Missing values per column:


Unnamed: 0,0
AWND,15
PRCP,0
TMAX,0
TMIN,0
daily_consumption,0


## Results

Use the Utility Functions to run and evaluate the models

In [64]:
TARGET_COL="daily_consumption"
results = run_models_and_evaluate(
    df2,
    degrees=(1, 2, 3, 4),
    target_col=TARGET_COL,
    top_k_terms=15
    )

display(results)

Unnamed: 0,Model,Train MSE,Train MAE,Train R^2,Test MSE,Test MAE,Test R^2,Train size,Test size
0,Linear Regression,272403.396174,384.465016,0.276,248125.8,375.404537,0.299333,992,426
1,Polynomial Regression (degree=2),264765.769932,379.648753,0.2963,255268.5,379.039083,0.279163,992,426
2,Polynomial Regression (degree=3),259249.53487,375.952901,0.310961,265623.7,385.235167,0.249922,992,426
3,Polynomial Regression (degree=4),251909.339001,372.116566,0.33047,12151490.0,578.642201,-33.313844,992,426


### Part 2 Discussion

• **Best generalizing model:**

Linear regression generalizes the best, with the lowest test MSE (2.48 × 10^5), lowest test MAE (375.4), and highest test R^2 (0.299). This suggests that, given the available features, weather explains only a limited and mostly linear component of daily electricity consumption.

• **Do polynomial models help?**

Polynomial models do not improve test performance. Although electricity consumption can depend nonlinearly on weather (for example, temperature thresholds triggering heating or cooling), the provided weather variables do not support learning these effects reliably, so added polynomial terms do not generalize.

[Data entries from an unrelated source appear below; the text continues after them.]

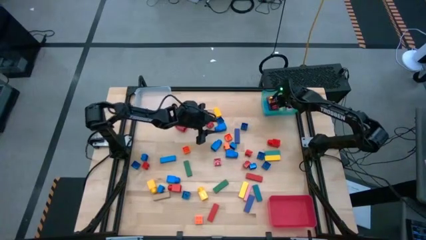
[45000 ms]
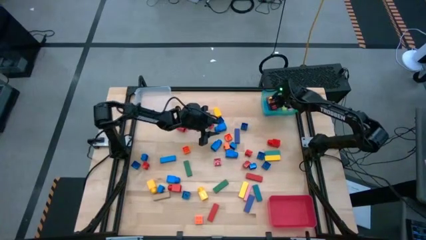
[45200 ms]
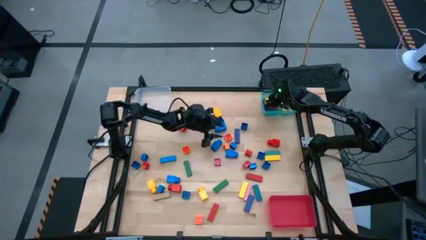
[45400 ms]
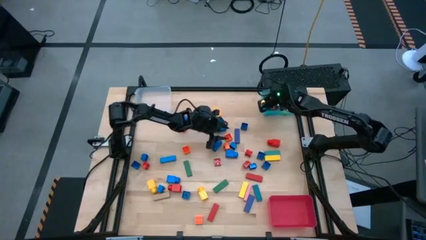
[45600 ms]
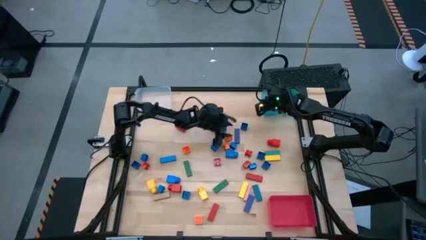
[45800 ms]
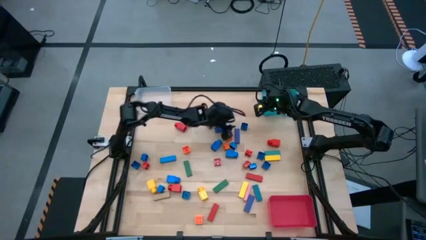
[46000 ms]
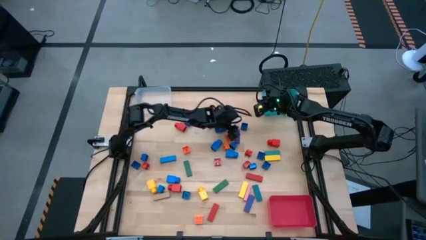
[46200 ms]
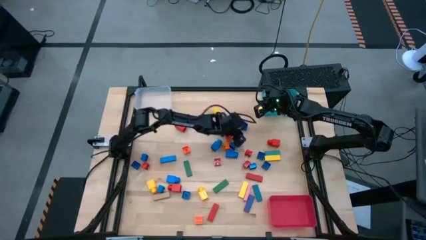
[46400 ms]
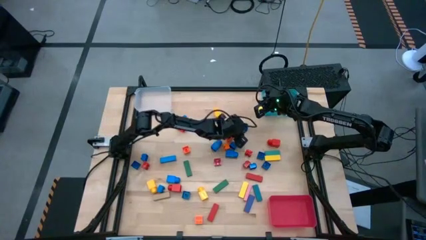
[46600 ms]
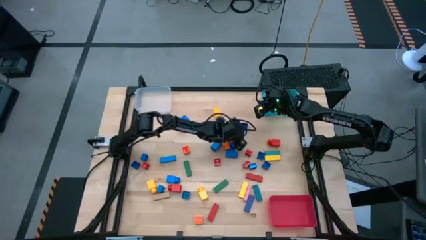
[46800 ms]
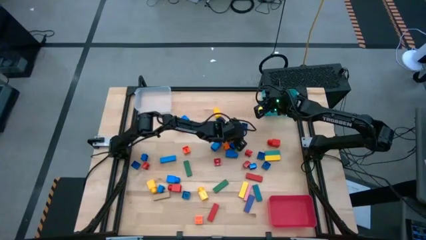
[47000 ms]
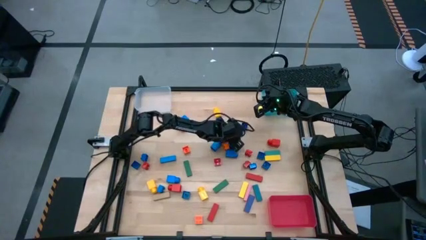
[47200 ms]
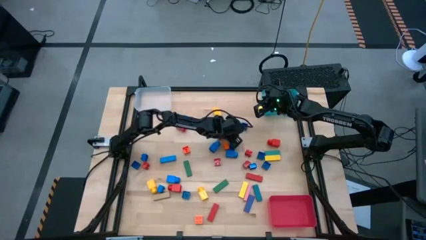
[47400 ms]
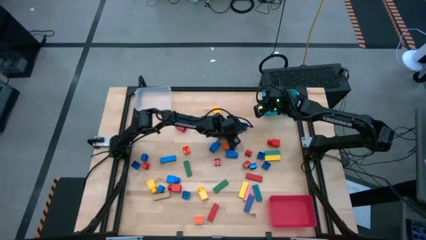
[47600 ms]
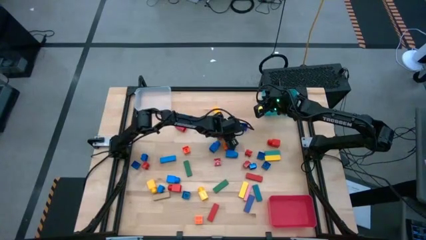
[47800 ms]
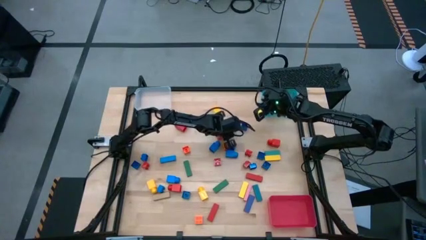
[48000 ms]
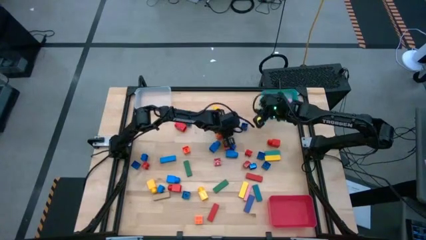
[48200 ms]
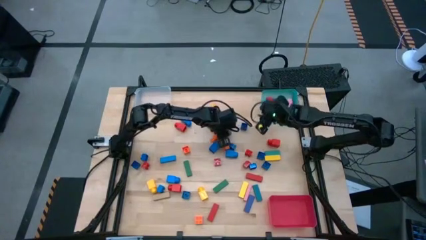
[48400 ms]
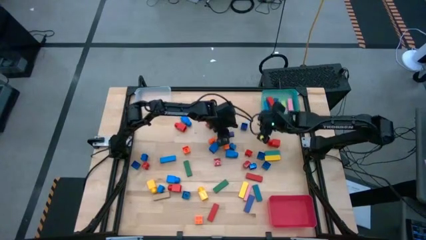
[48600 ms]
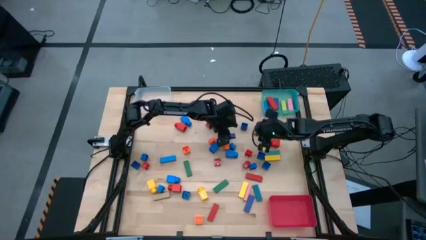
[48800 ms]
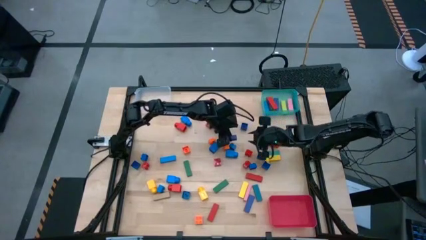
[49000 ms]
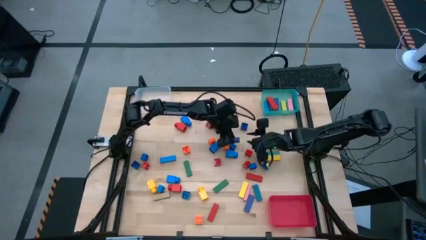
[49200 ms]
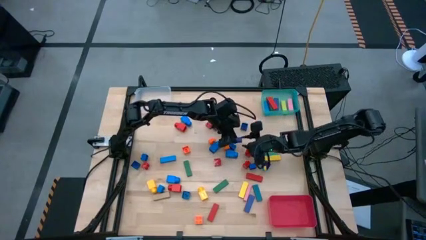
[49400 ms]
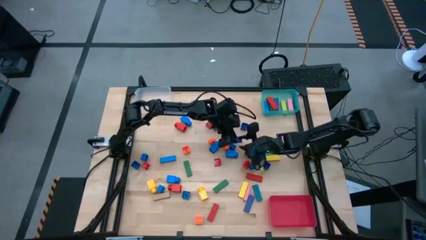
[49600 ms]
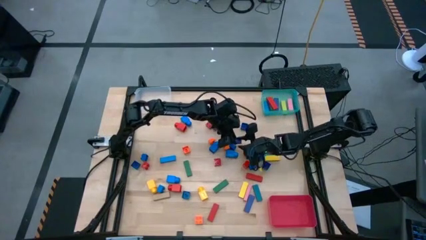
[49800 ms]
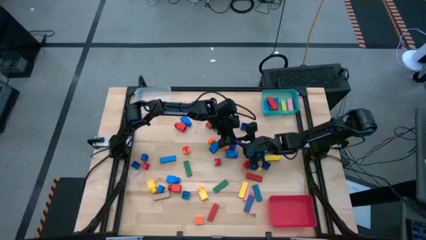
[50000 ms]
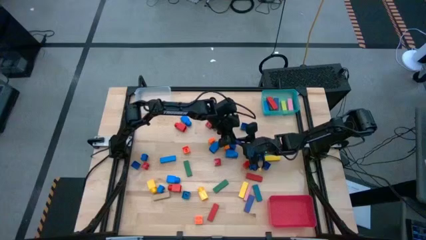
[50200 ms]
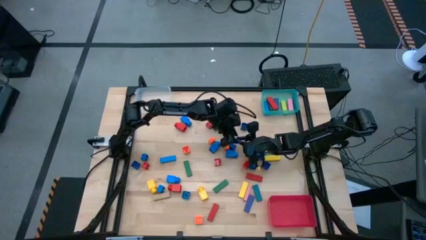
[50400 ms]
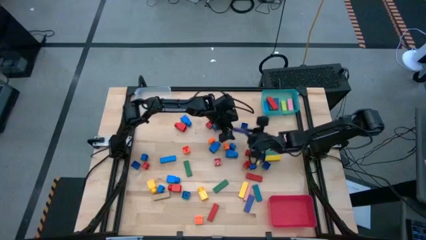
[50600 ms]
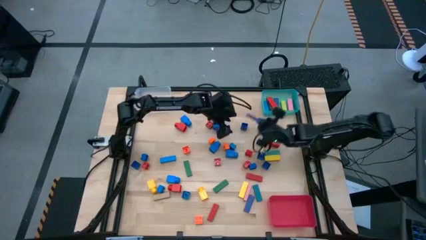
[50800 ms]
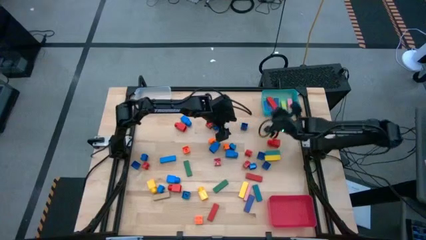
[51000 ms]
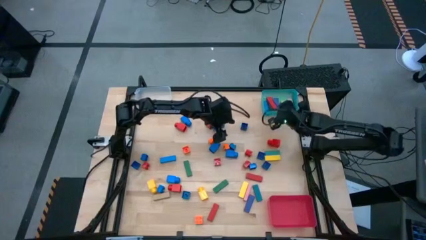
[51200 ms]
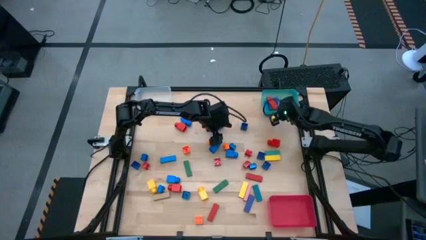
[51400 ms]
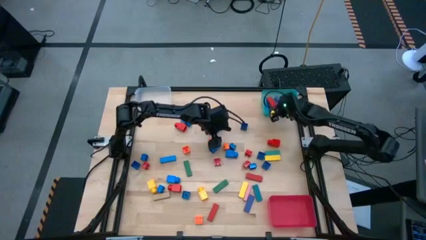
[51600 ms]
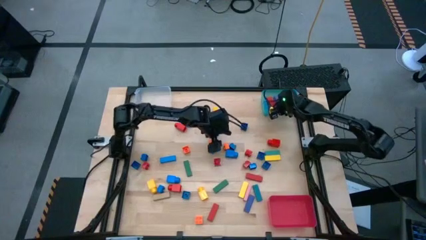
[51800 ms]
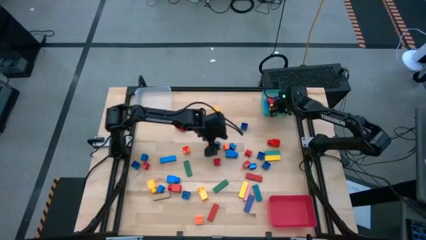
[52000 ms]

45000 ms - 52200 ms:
Task: Sort blocks by size
Put the blue block into the blue bin

• **Why higher-degree models perform worse:**

As polynomial degree increases, training error decreases (Train R^2 rises from 0.276 to 0.330), while test performance degrades. This is especially clear for the degree-4 model, where Test MSE jumps to 1.21 × 10^7 and Test R^2 drops to −33.31. The widening gap between train and test metrics indicates severe overfitting.

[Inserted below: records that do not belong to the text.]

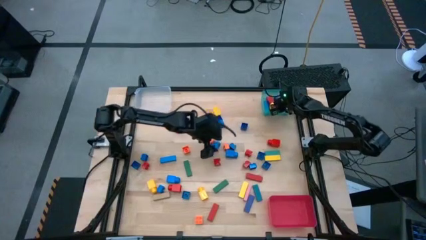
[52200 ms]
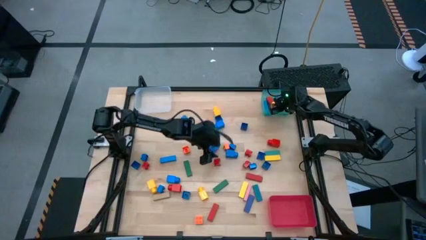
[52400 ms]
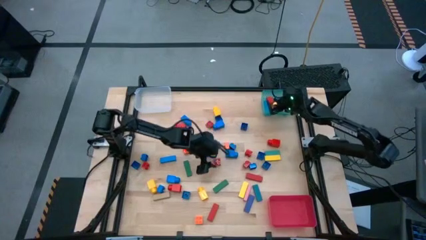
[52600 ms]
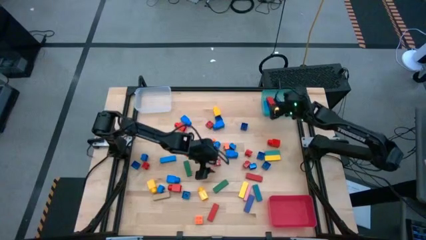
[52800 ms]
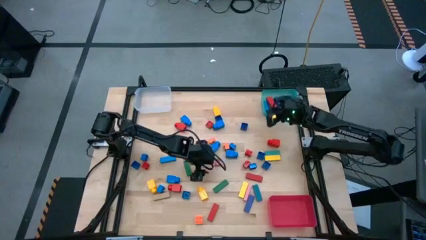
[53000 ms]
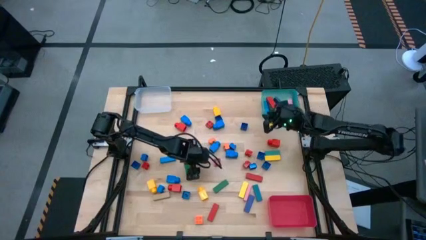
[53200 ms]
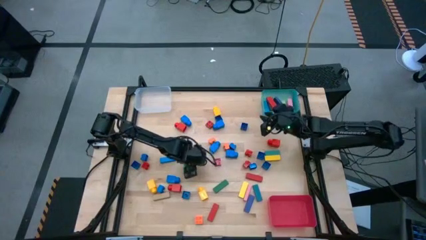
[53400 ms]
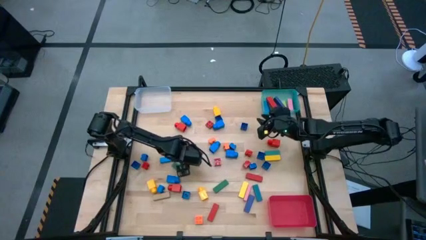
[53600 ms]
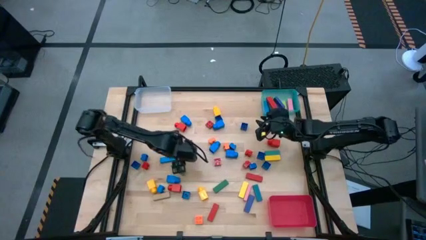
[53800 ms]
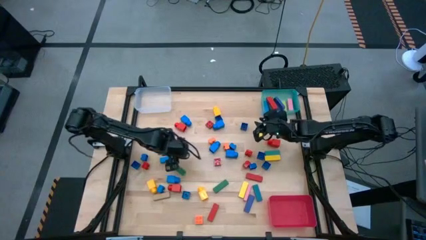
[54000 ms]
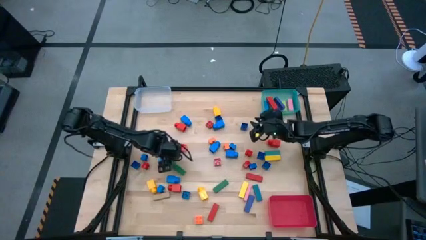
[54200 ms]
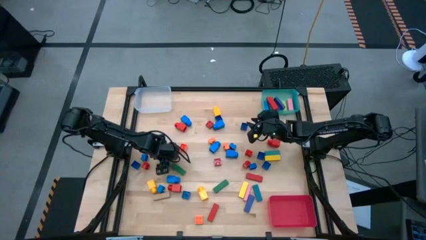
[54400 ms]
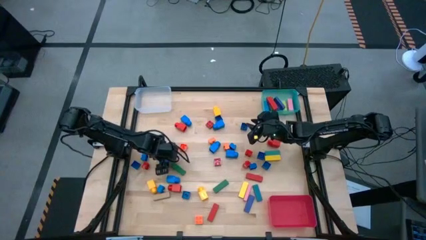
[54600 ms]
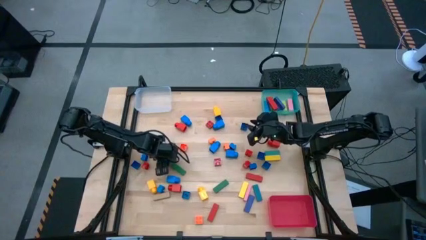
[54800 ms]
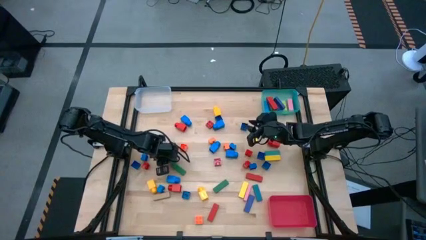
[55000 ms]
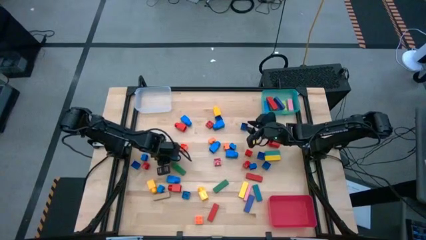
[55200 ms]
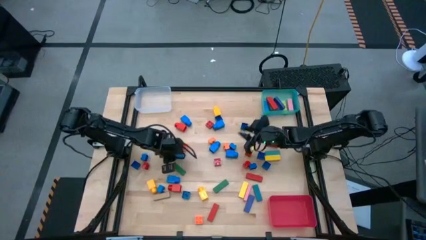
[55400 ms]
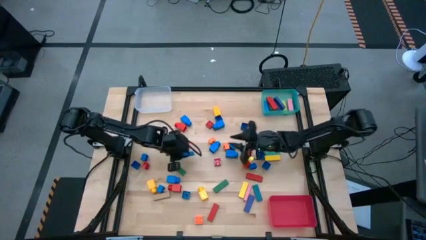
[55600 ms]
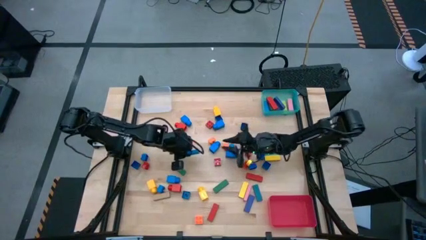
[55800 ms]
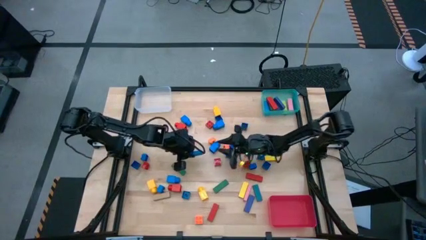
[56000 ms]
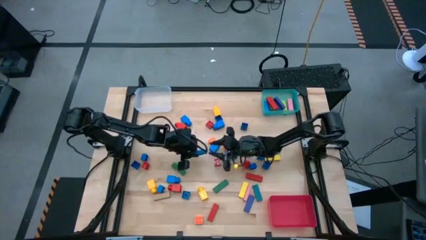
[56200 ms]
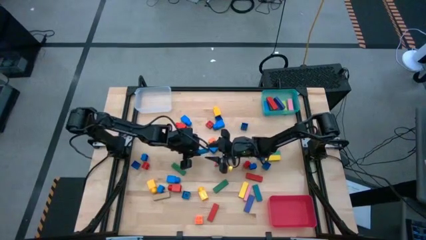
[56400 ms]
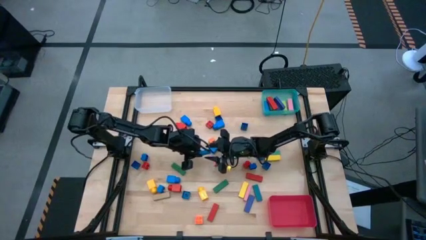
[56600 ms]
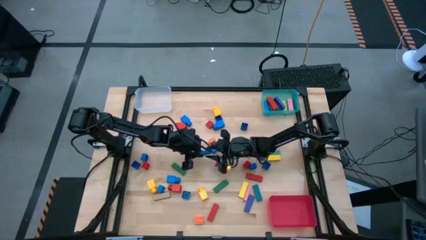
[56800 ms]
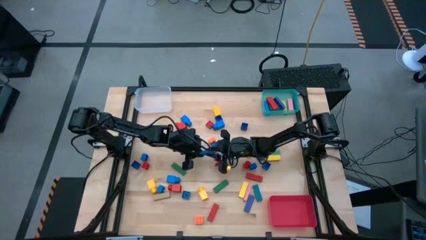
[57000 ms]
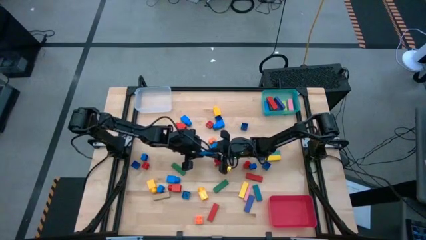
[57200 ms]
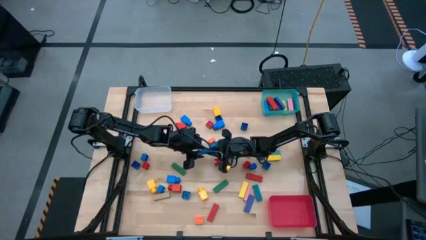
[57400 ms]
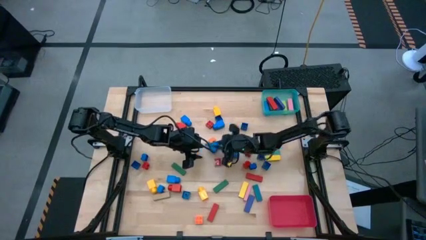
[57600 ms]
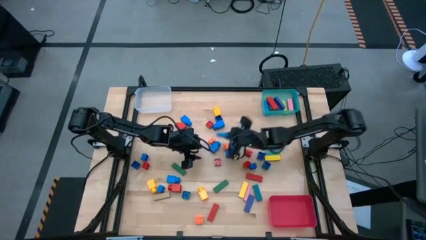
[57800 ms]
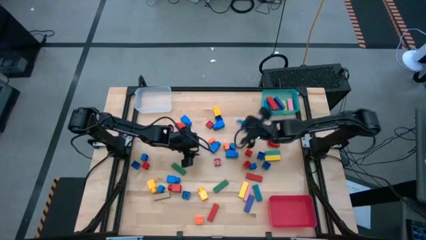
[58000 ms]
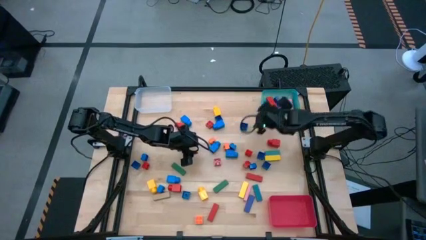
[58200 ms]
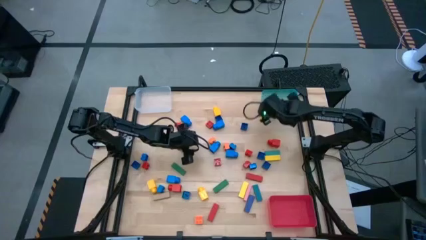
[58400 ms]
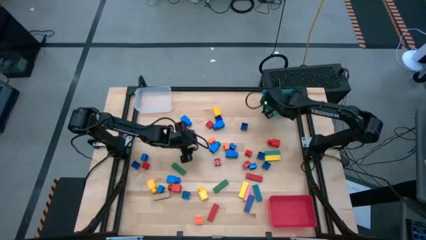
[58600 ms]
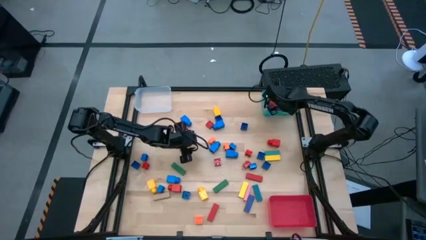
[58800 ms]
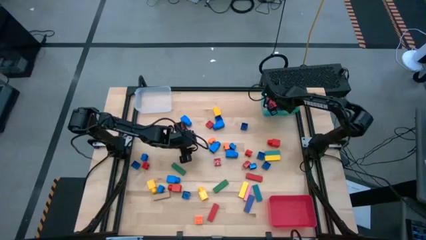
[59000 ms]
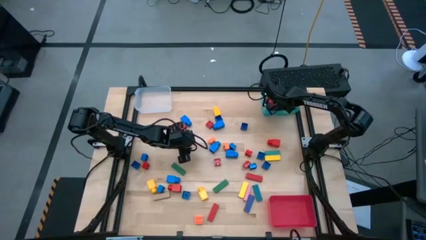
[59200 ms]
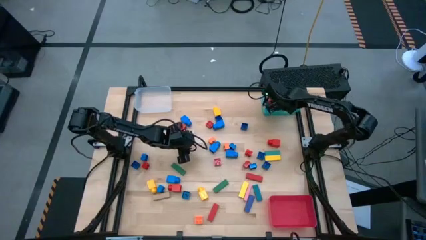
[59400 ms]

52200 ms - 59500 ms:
Put the blue block into the blue bin

• **Why overall test performance is weak:**

All models have low test R^2 values (at most 0.30), indicating that weather alone does not explain most of the variability in electricity usage. Strong seasonal patterns are likely present, but the random train–test split breaks temporal structure and prevents the models from learning seasonality. In addition, key drivers such as occupancy, behavior, and calendar effects are missing. A temporal split with explicit time-based or seasonal features would be more appropriate for this problem.